TRADE secrets are guarded just as securely as state secrets. Every big-name company wants to know what its rivals are up to. What are Pepsi’s plans for its franchise for Tanzania — and will they put up their own bottling plant there too? What kind of new compact disk is Sony said to have developed? Is Honda really going in for the all-plastic truck engine — or is that some sort of false trial to camouflage their real plans to be the first in the race for putting a five-passenger car on the road which will do 100 km on one litre of petrol?

There are those who will pay good money to find out the answers to these questions, the Big Brothers of the Business world, except that there is nothing brotherly in the world of Big business. It is every man for himself, and few holds are barred.

The formula for making Coca-Cola is guarded like the Crown Jewels of England. They say it is kept in some bank vault to which only two people in a vast worldwide organisation are permitted access. But then that, too somehow seems in proportion. Coca-Cola must be worth about a hundred times the value of the Crown Jewels. Something like a billion bottles of the dark, fizzy, sweet drink are sold every day, and yet nobody knows exactly what goes into that bottle.

Or what ingredients go into a perfume invented by Coco Channel and to which she gave her own name, Channel No 5. It soon became an indispensable accessory for glamorous women all over the world and their millions of imitators. Ms Channel once sued her American associates for breaking into her monopoly of its marketing.

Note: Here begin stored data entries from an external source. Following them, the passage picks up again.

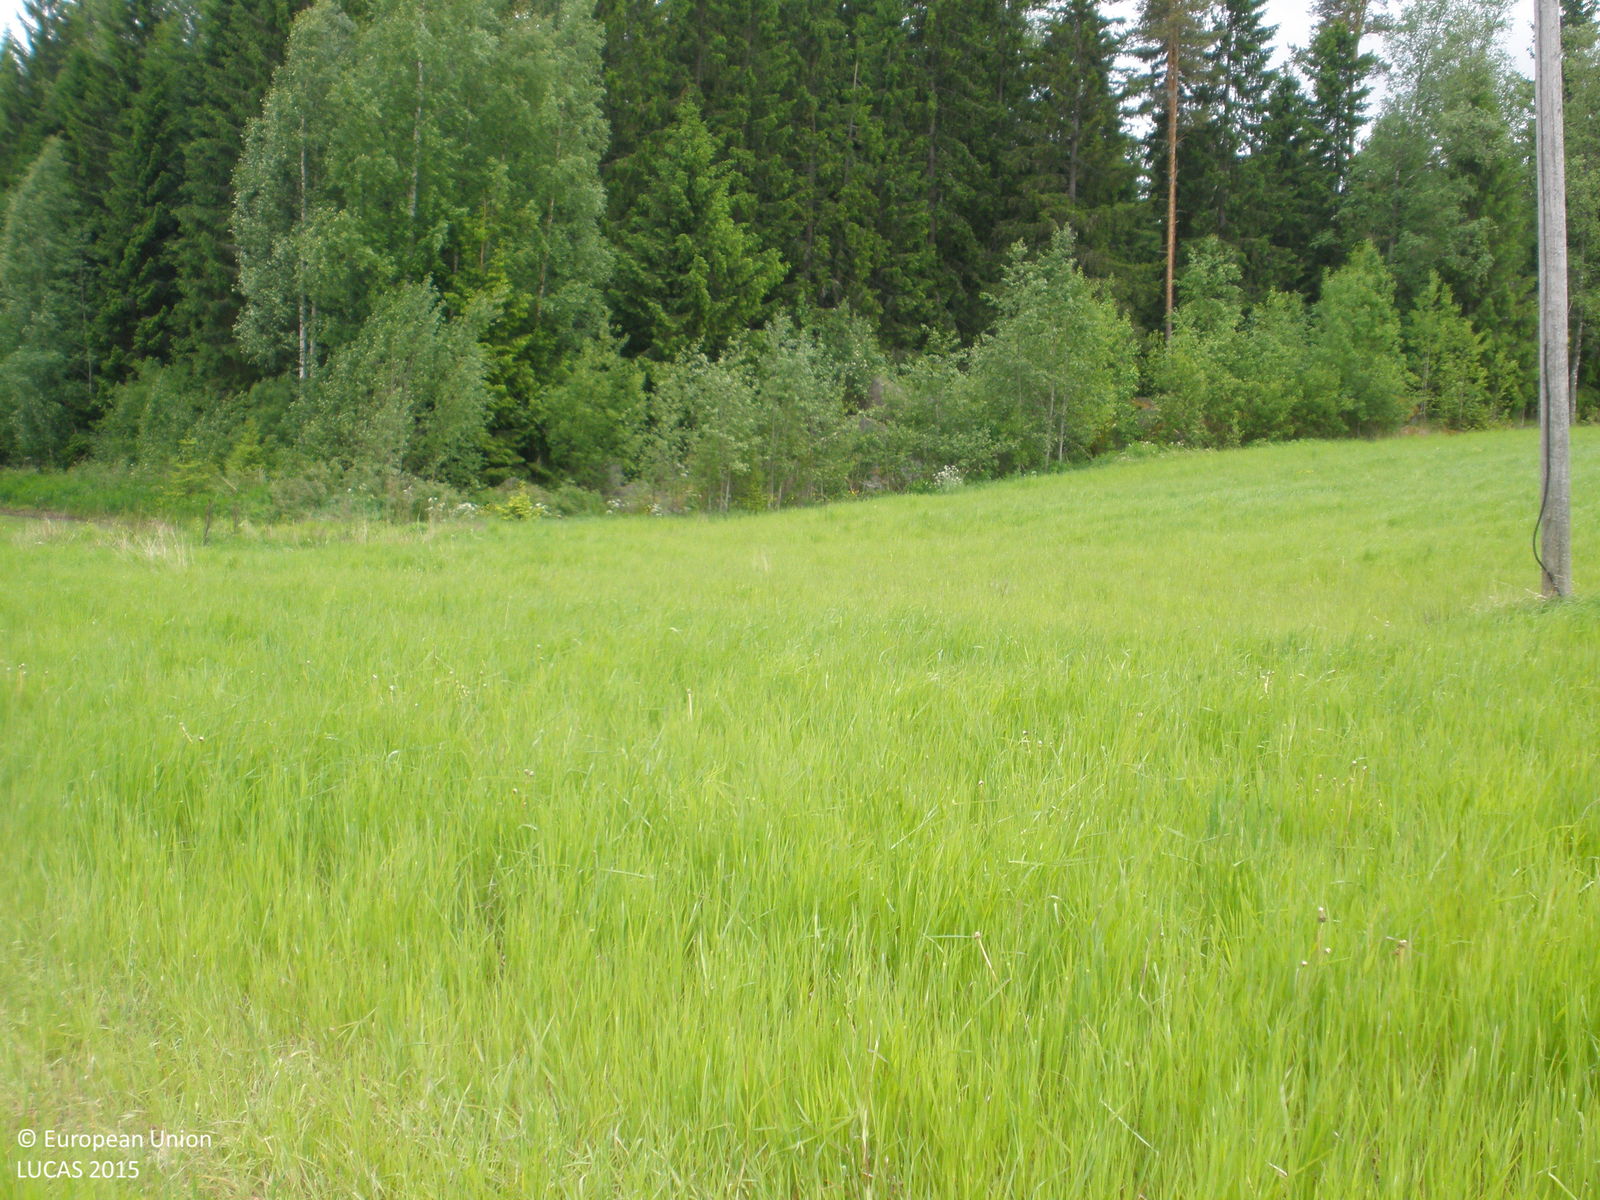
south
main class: Cropland
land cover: Oats
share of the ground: > 75 %
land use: Agriculture (excluding fallow land and kitchen gardens)
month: June
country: FI
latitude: 61.2920
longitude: 24.5649
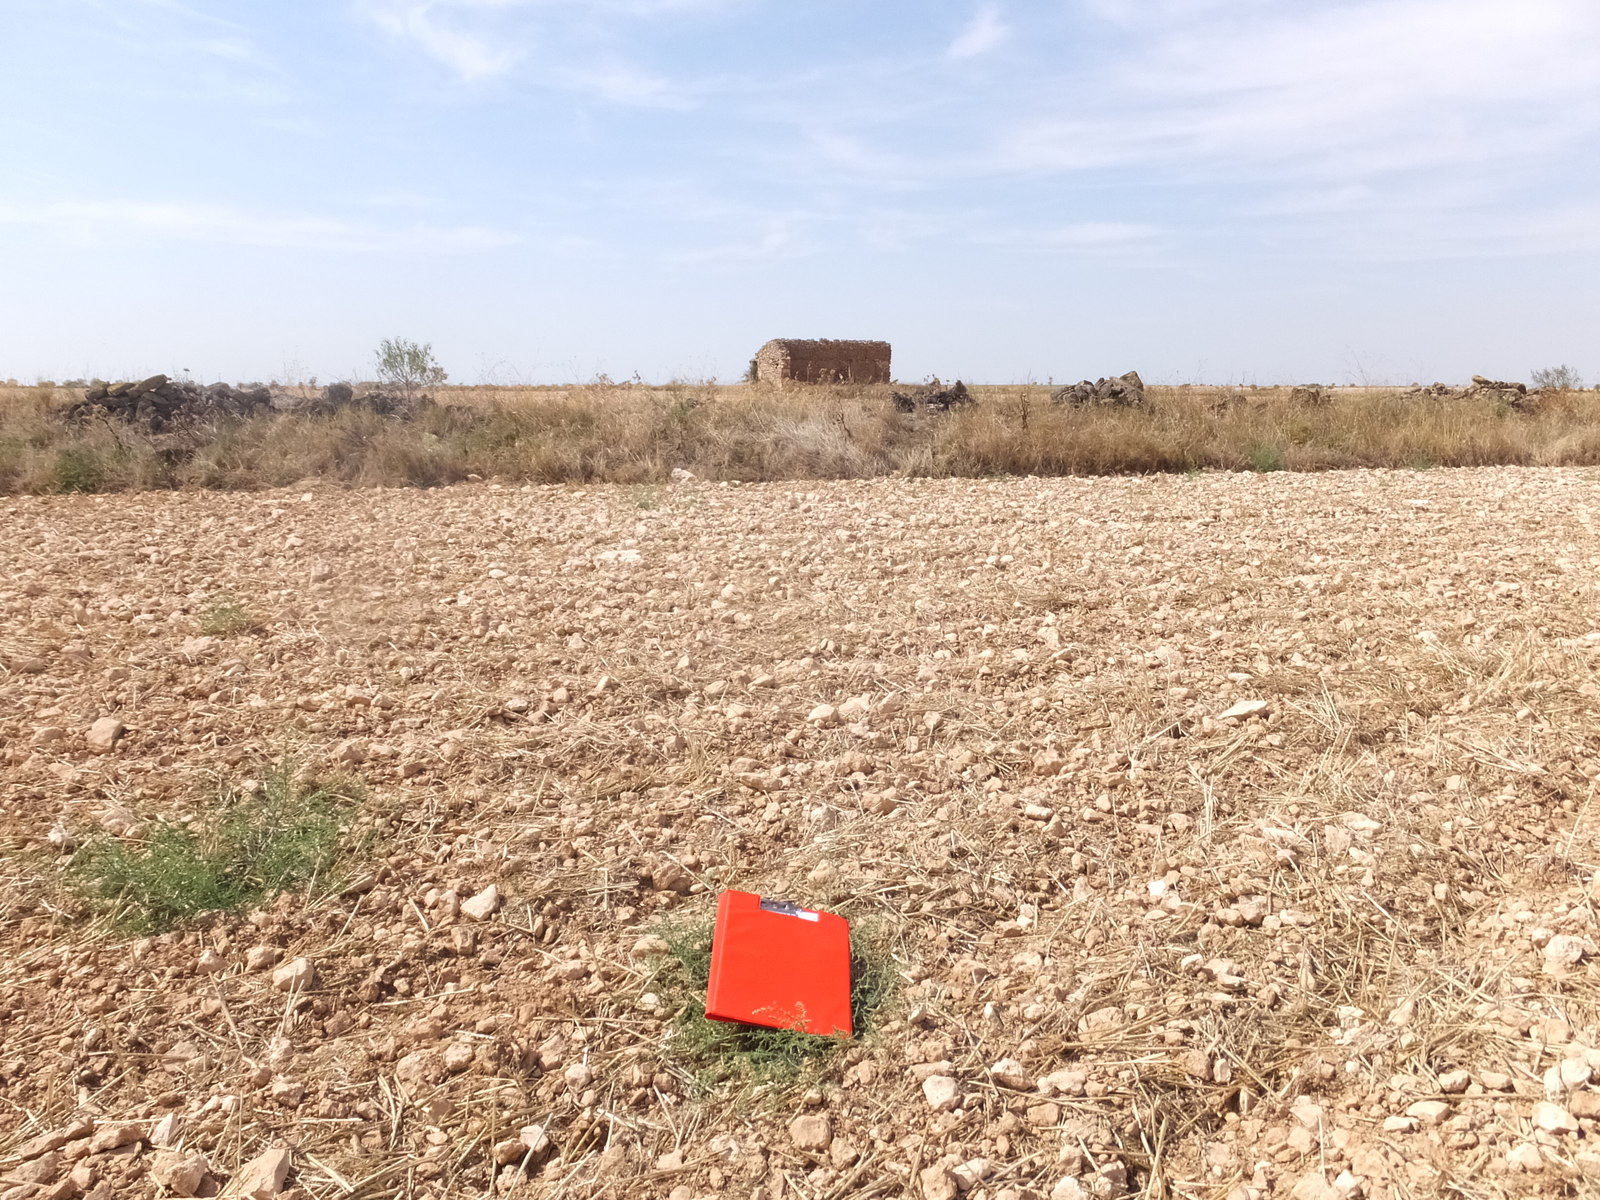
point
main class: Cropland
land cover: Common wheat
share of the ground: < 10 %
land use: Agriculture (excluding fallow land and kitchen gardens)
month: August
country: ES
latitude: 41.5296
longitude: 0.2668

And only three years ago, there was this typical case of a top executive in one of America’s gigantic corporations, General Motors, quitting his job and joining Volkswagen in Germany. God, what a rumpus that created! G.M. actually went to court alleging that their officer had taken away G.M.’s design plans to pass them on to a rival manufacturer.

But then that is big business — a battlefield. What is more, it is nothing new. It was tooth-and-claw even in ancient times.

Edward Gibbon in his monumental Decline and Fall of the Roman Empire slips in facts about the lavish lifestyles of the Romans. There are allusions to the fondness of rich women for silk gowns and how once the Emperor rose from "his silken couch;" that Emperor being Claudius who reigned in the third century A.D.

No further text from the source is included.